Моя судьба была в его руках. Время шло, и Сталин становился все более ревнивым. Сведения же, которые ему сообщали его прихлебатели, часто были лживыми. Мне приходилось разыгрывать пламенную страсть.
Осмелев, я бросилась однажды в атаку.
— Иосиф Виссарионович, — сухо сказала я, — вы мне постоянно читаете нотации, а сами принимаете женщин. Меня тоже информируют: Барсову не забываете, подружились с Брониславой Златогоровой и, если не ошибаюсь, не обошли своим вниманием и аппетитную Валечку…
Сталин расхохотался, демонстрируя гнилые зубы не лечил, панически боялся боли.
— Откуда такая осведомленность? Обладание женщиной естественно для мужчины. Их должно быть столько, сколько он хочет. Лермонтов писал Раевскому: «Друг мой, если не ты, то будет кто-то другой. Лучше быть первым, чем вторым». Верочка, солнышко мое, люблю тебя! — и порывисто меня поцеловал. — Не зову, стараюсь забыть тебя. Но я не могу без женщины, против природы не пойдешь. Вот тебе номер моего прямого телефона, но не сообщай его никому и не звони часто. Поедешь в отпуск в Сухуми, отдохнешь у Лакобы и, если захочешь, можешь отдохнуть еще и в Сочи.
— Иосиф Виссарионович, поверьте, я очень тронута вашей заботой, но поймите меня: я живу в постоянном страхе, боюсь людей из вашего окружения, меня могут посадить, убить — и следа не останется.
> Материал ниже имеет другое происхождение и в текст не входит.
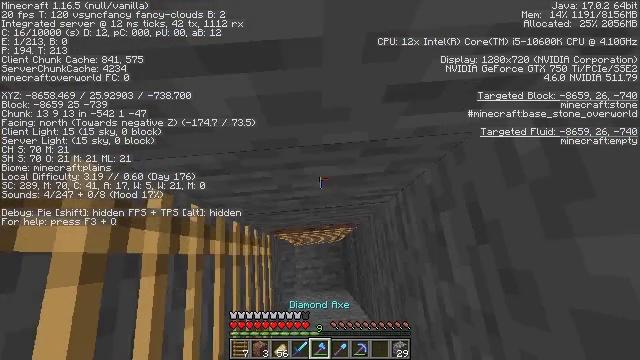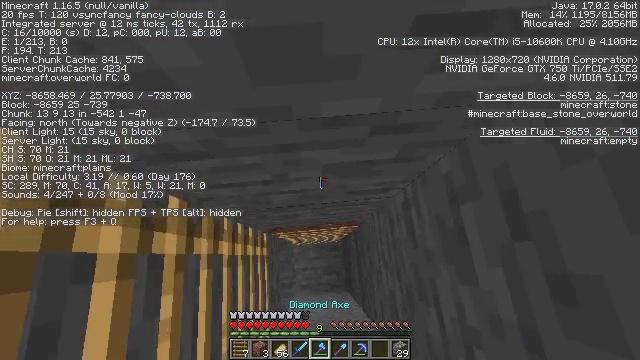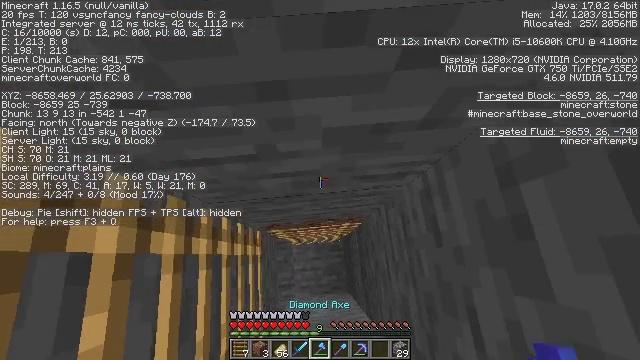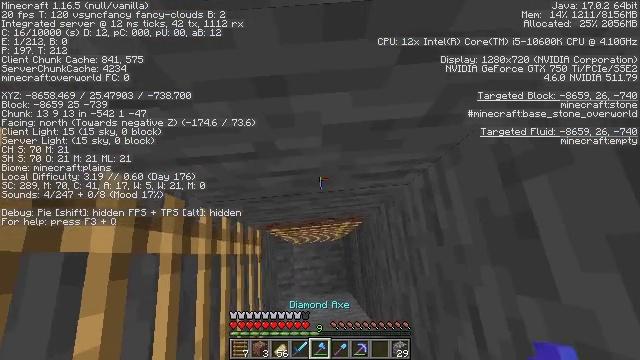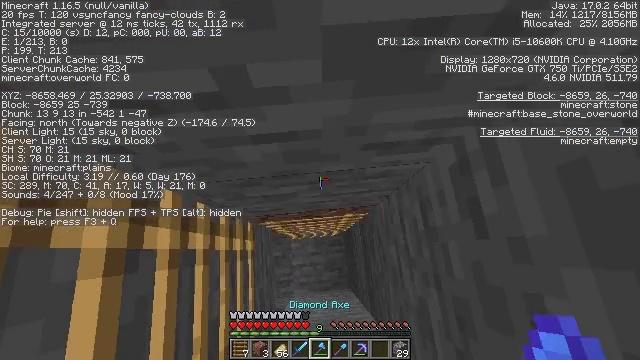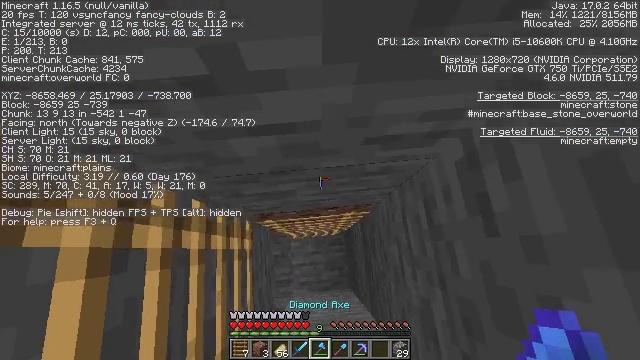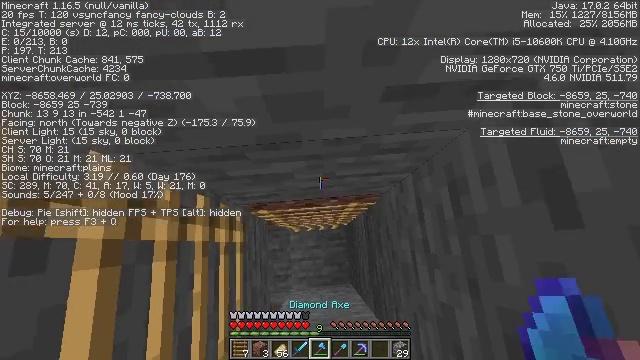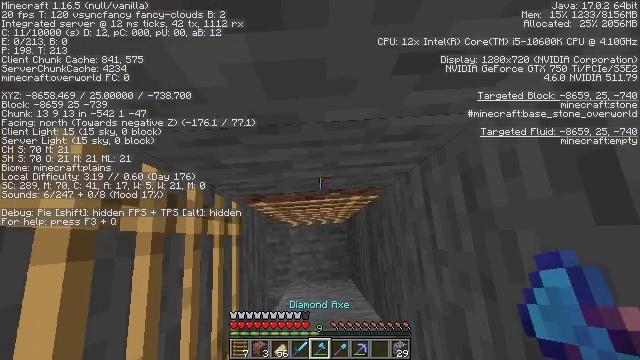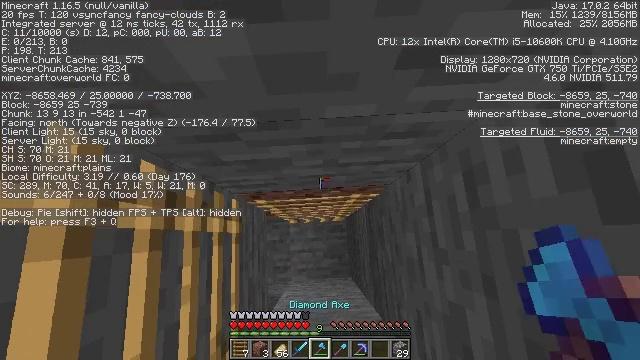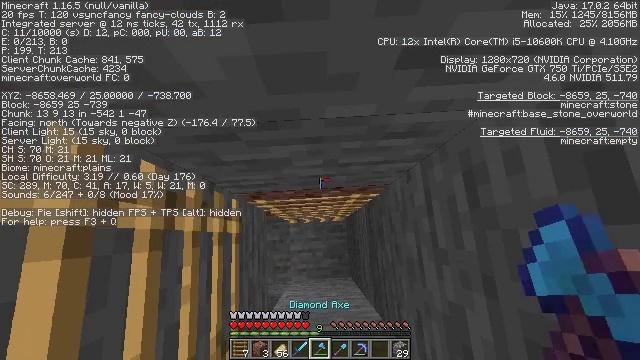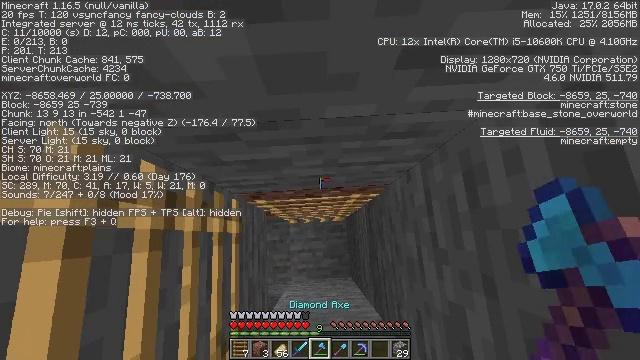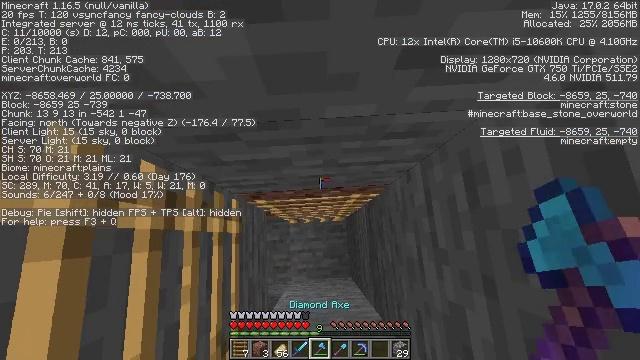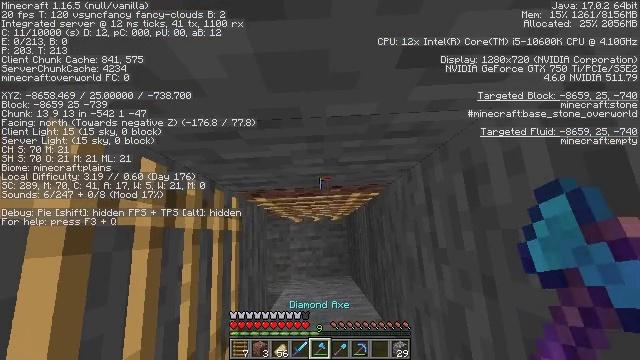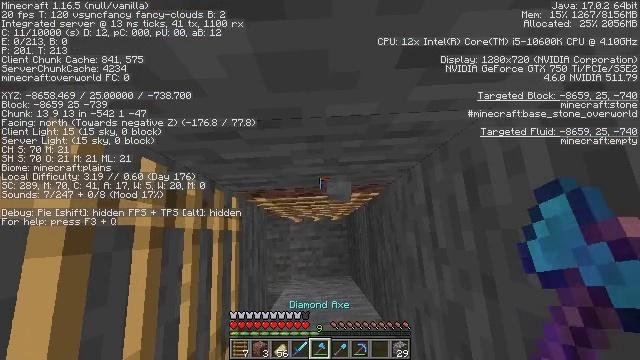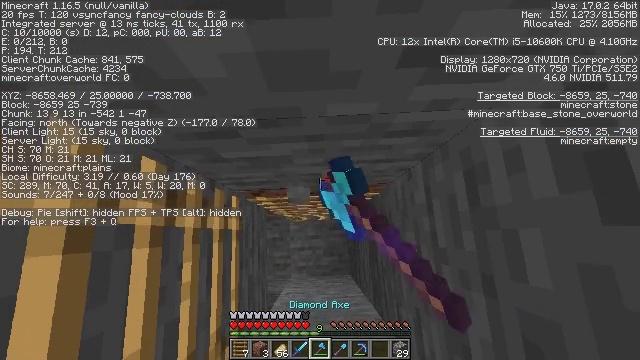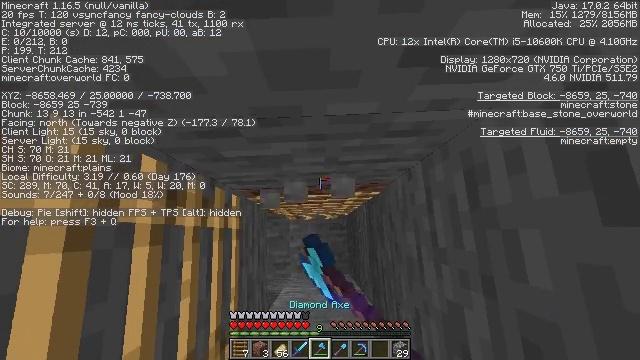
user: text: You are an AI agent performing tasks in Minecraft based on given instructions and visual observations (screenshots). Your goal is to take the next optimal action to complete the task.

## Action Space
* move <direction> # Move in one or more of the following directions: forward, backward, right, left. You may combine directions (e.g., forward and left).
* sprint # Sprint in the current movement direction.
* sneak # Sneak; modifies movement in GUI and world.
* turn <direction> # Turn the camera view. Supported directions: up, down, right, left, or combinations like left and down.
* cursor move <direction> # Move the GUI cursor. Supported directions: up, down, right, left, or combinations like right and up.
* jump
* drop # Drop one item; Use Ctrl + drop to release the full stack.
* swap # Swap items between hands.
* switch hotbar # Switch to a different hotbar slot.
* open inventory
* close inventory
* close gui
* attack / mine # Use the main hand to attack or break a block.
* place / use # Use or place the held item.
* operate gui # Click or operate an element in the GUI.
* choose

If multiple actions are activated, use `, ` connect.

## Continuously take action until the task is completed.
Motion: motion action
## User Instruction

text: Collect the ladder block.
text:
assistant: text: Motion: no_op
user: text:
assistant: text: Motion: no_op
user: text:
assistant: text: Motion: no_op
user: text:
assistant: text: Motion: no_op
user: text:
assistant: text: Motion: no_op
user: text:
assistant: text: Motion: turn down
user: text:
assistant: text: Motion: turn down
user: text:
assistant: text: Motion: no_op
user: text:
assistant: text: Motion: no_op
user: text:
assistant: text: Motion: no_op
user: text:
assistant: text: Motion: no_op
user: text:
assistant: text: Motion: no_op
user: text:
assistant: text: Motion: attack / mine
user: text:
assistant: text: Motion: attack / mine
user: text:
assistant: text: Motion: attack / mine
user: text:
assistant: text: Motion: attack / mine
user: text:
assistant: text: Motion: attack / mine
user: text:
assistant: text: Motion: attack / mine
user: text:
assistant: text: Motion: attack / mine
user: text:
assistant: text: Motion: attack / mine
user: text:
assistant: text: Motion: attack / mine
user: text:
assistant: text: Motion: attack / mine
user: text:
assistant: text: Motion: attack / mine
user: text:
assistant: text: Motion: attack / mine
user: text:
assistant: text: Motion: attack / mine
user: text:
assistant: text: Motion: attack / mine
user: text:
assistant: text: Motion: attack / mine
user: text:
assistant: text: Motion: attack / mine
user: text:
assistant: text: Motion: attack / mine
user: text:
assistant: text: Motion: attack / mine

Сталин вздохнул, и его взгляд стал холодным.
— Скажи, кто? Поговорю с каждым отдельно.
— Ягода — он больше всех терроризирует меня.
— Этот подлец давно играет со смертью. Я из него душу вытрясу!
***
В который раз задаю себе вопрос: могла ли я — не героическая, а обычная женщина, — могла ли я что-нибудь изменить? Я не оправдываю себя, но были люди, которые поступали гораздо хуже меня.
Эти похотливые мужики из правительства буквально атаковали меня со всех сторон, я получала приглашения на завтраки, обеды, ужины и автомобильные прогулки. Буденный становился все более настойчивым, беспрерывно звонил Маленков, надоедал подслеповатый Калинин. Напоминали о себе Ворошилов и горбатый карлик Ежов. Даже верный секретарь Сталина — рябой Поскребышев — предлагал мне свои «услуги». И над этой сворой — Тухачевский. Единственный мужчина, которого я любила… Но на вершине власти был Сталин. В этом калейдоскопе я вынуждена была лавировать, ооещать, улыбаться, обманывать и играть, чтобы выиграть или продержаться.
Моя лодка давно плыла без паруса, а волны уносили меня в открытое море… Что будет дальше? Не знаю. И не хочу знать.